Above we have shown an example of a flat plate-like traveling magnetic field based on three-phase alternating current, which is used in linear motors etc. as a method of magnetically transporting clouds. It is also possible to transport the cloud by moving the magnetic field by mechanically moving the cloud.

It should be noted that peeling and movement of the cloud is easiest when carried out when the cloud is immersed in water, followed by cases where it is carried out in a sludge state and cases where it is carried out in a dry state.

In addition, when the cloud is immersed in water, ultrasonic waves are used, and when the cloud is not immersed in water, mechanical vibration is used.
It is also possible to further facilitate detachment and movement of the cloud.

According to the cloud transfer method and device for an atomic couplant of the present invention: [) A wide working space can be obtained.

11) Construction is easy and the radiation exposure of the construction worker is low.

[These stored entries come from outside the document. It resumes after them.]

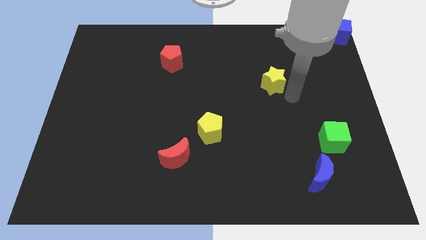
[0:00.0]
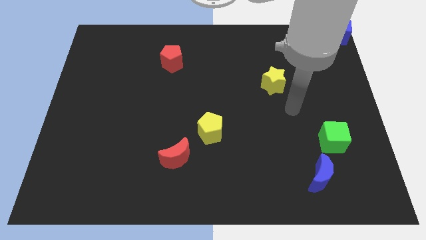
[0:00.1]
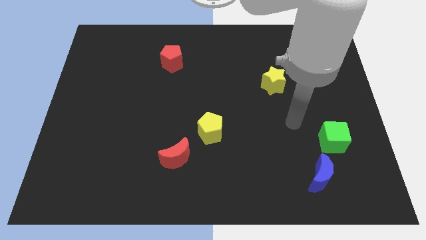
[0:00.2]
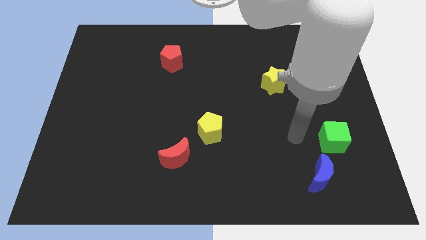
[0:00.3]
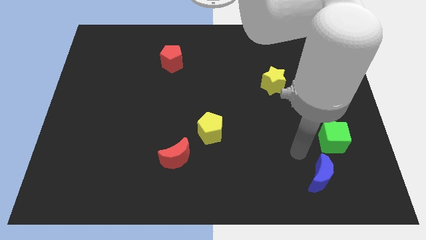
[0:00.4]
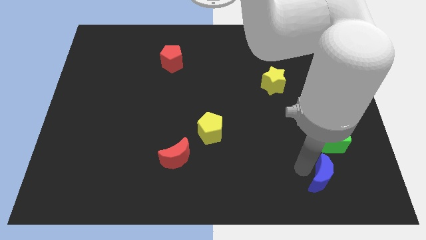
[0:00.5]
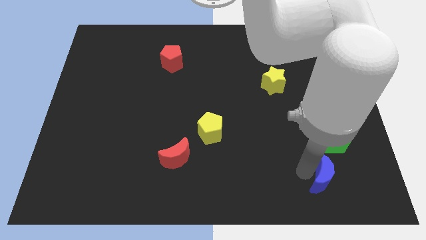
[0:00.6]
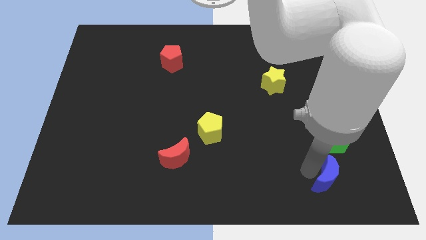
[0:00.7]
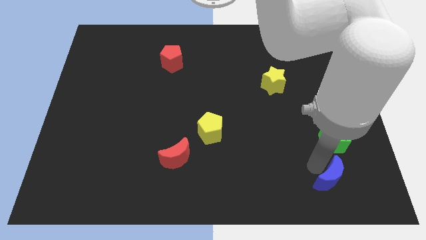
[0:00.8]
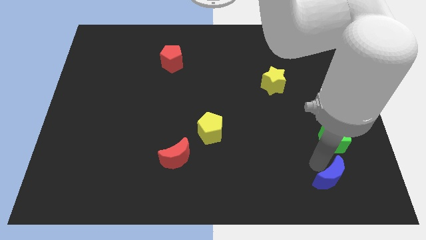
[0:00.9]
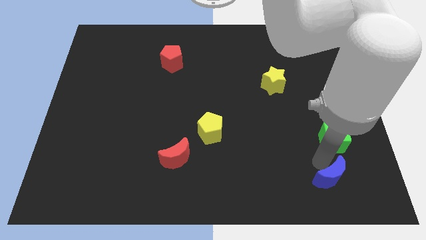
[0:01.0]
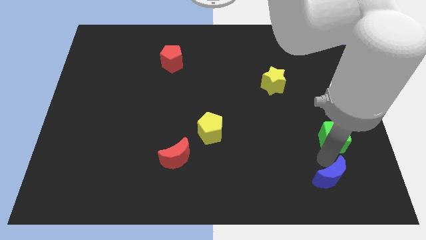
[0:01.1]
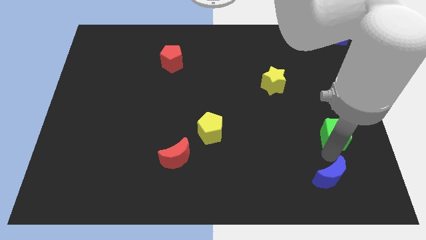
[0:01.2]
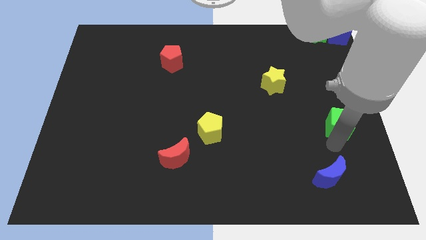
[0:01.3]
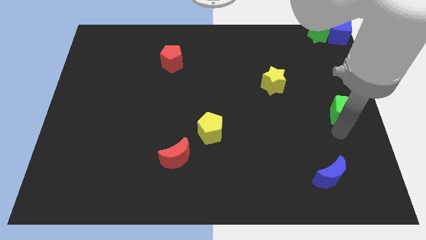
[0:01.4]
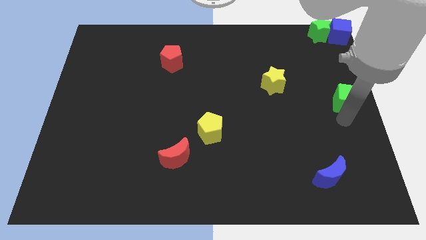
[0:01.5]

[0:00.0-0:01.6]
move the green cube to the bottom side of the blue cube

111) Low work cost (reduced work).

1v) Storage space after construction can be reduced.

(2) The radiation exposure reduction effect is reliable and significant.

(1) Since it advances an alternating magnetic field, even weakly magnetic substances can be easily transported, making it ideal for transporting clouds.

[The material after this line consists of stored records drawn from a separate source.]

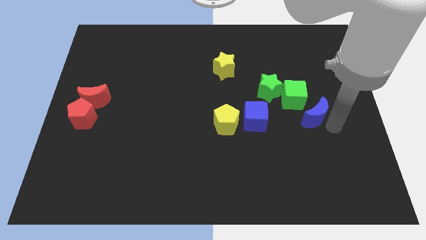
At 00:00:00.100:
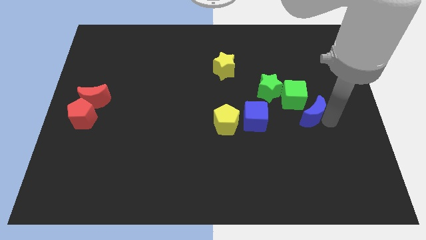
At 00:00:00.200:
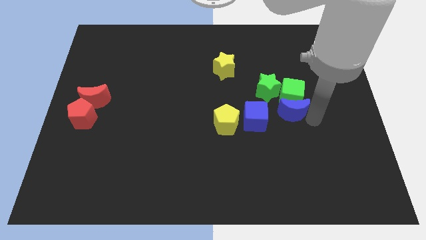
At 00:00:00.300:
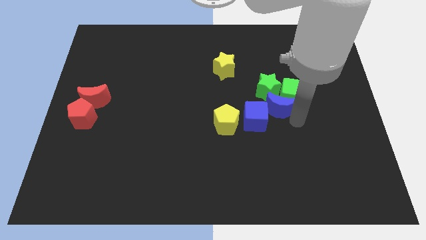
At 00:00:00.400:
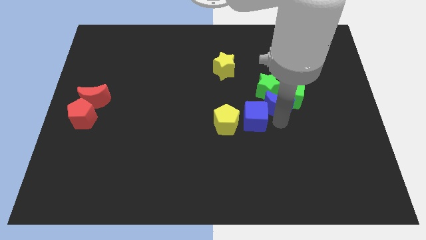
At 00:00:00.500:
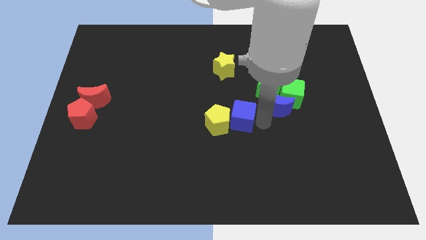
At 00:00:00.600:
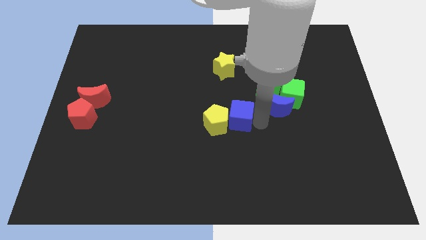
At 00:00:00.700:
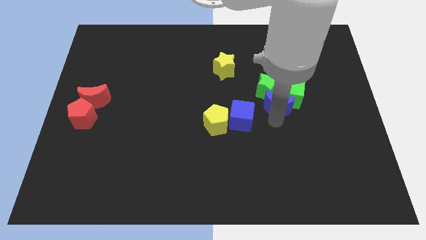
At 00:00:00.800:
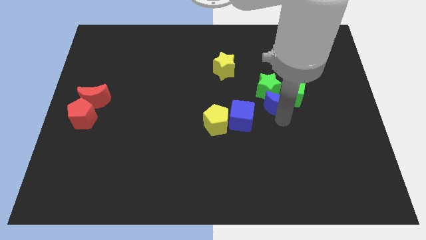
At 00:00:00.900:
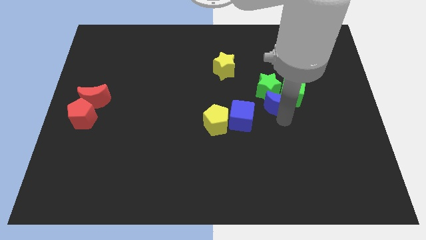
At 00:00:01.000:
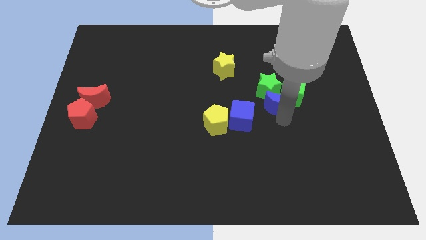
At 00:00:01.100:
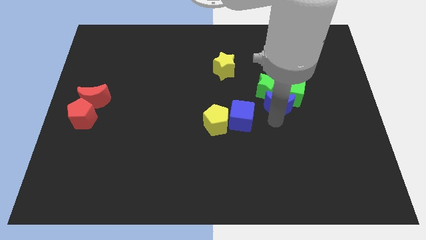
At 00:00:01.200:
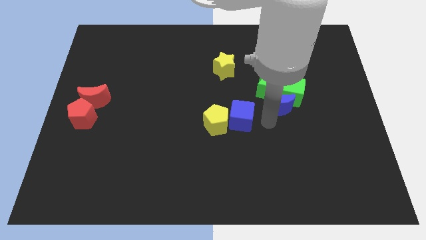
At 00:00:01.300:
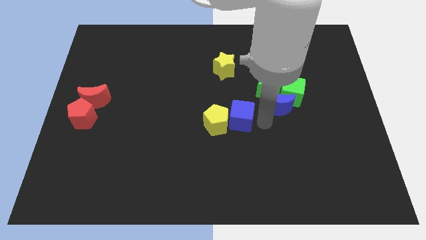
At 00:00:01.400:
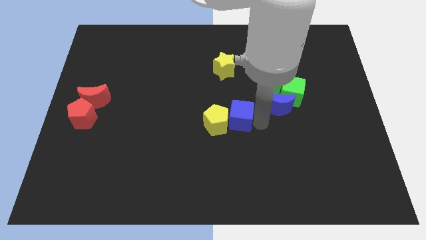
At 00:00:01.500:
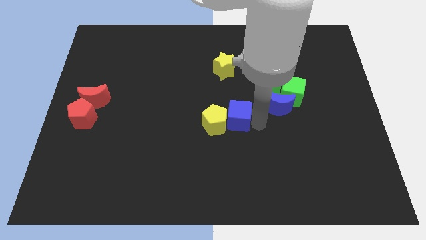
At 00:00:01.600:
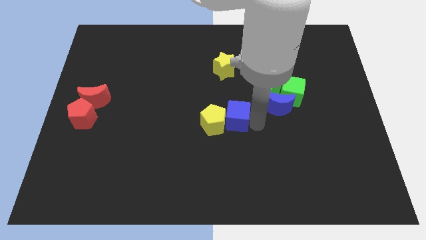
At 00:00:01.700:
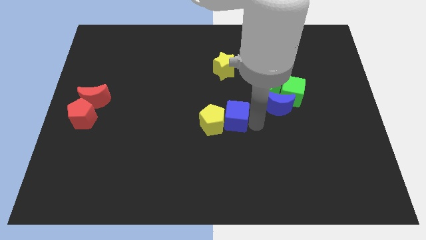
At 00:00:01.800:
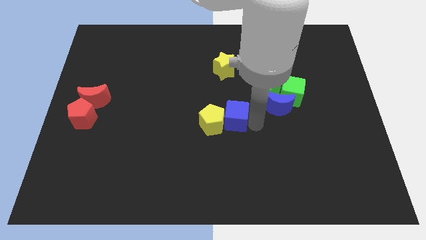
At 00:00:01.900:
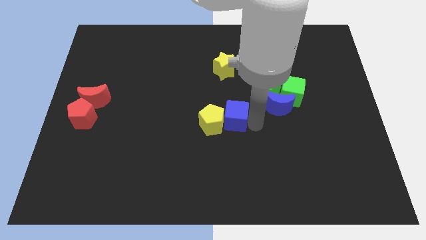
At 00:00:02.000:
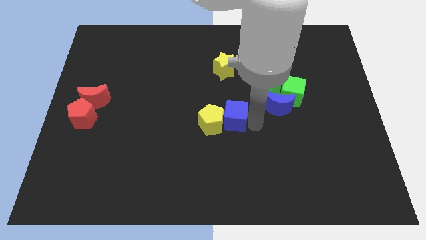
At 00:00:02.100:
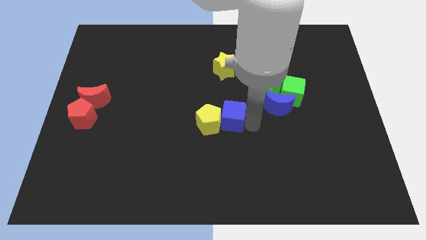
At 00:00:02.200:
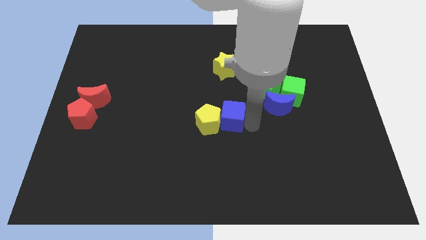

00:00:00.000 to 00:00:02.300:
push the blue cube into the yellow pentagon

It can produce excellent effects such as

[Brief explanation of drawings]

Fig. 1 is an explanatory diagram of a conventional radiation exposure reduction method, and Fig. 2 is an illustration of a cloud deposited between a safe end nozzle and a thermal sleeve in an atomic couplant of the present invention in which the cloud deposited between the safe end nozzle and the thermal sleeve is transported by a traveling magnetic field generated by alternating current. An explanatory diagram of the transfer method and device, Fig. 3 is an explanatory diagram of the progress of the magnetic field in the embodiment shown in Fig. 2, and Fig. 4 is an explanatory diagram of the progress of the magnetic field in the embodiment shown in Fig. 2. FIG. 5 is an explanatory diagram of the structure of the exciter main body used in the embodiment of FIG. 4 and the state of cloud distribution in the piping ( FIG. 6 is a view taken in the direction of the ■ arrow in FIG. 5, and FIG. 7 is an explanatory diagram when the iron core of the exciter is arranged in a spiral shape. 1...Reactor pressure vessel, 2...Safe end nozzle, 3...Thermal sleeve, 4,
12... Main body of traveling magnetic field exciter based on alternating current, 5.
...Power supply device, 9...Cloud, 10.
... Cloud's direction of travel, 11... Piping.

Claims (1)

[Scope of Claims] 1. A method for transporting clouds in an atomic couplant, which comprises transporting clouds deposited on a piping section connected to a reactor pressure vessel by the advancement of an alternating magnetic field. 2. A cloud transfer device in an atomic couplant, characterized in that an exciter configured to sequentially advance an alternating magnetic field is disposed near a cloud accumulation location such as a piping section connected to a nuclear reactor pressure vessel.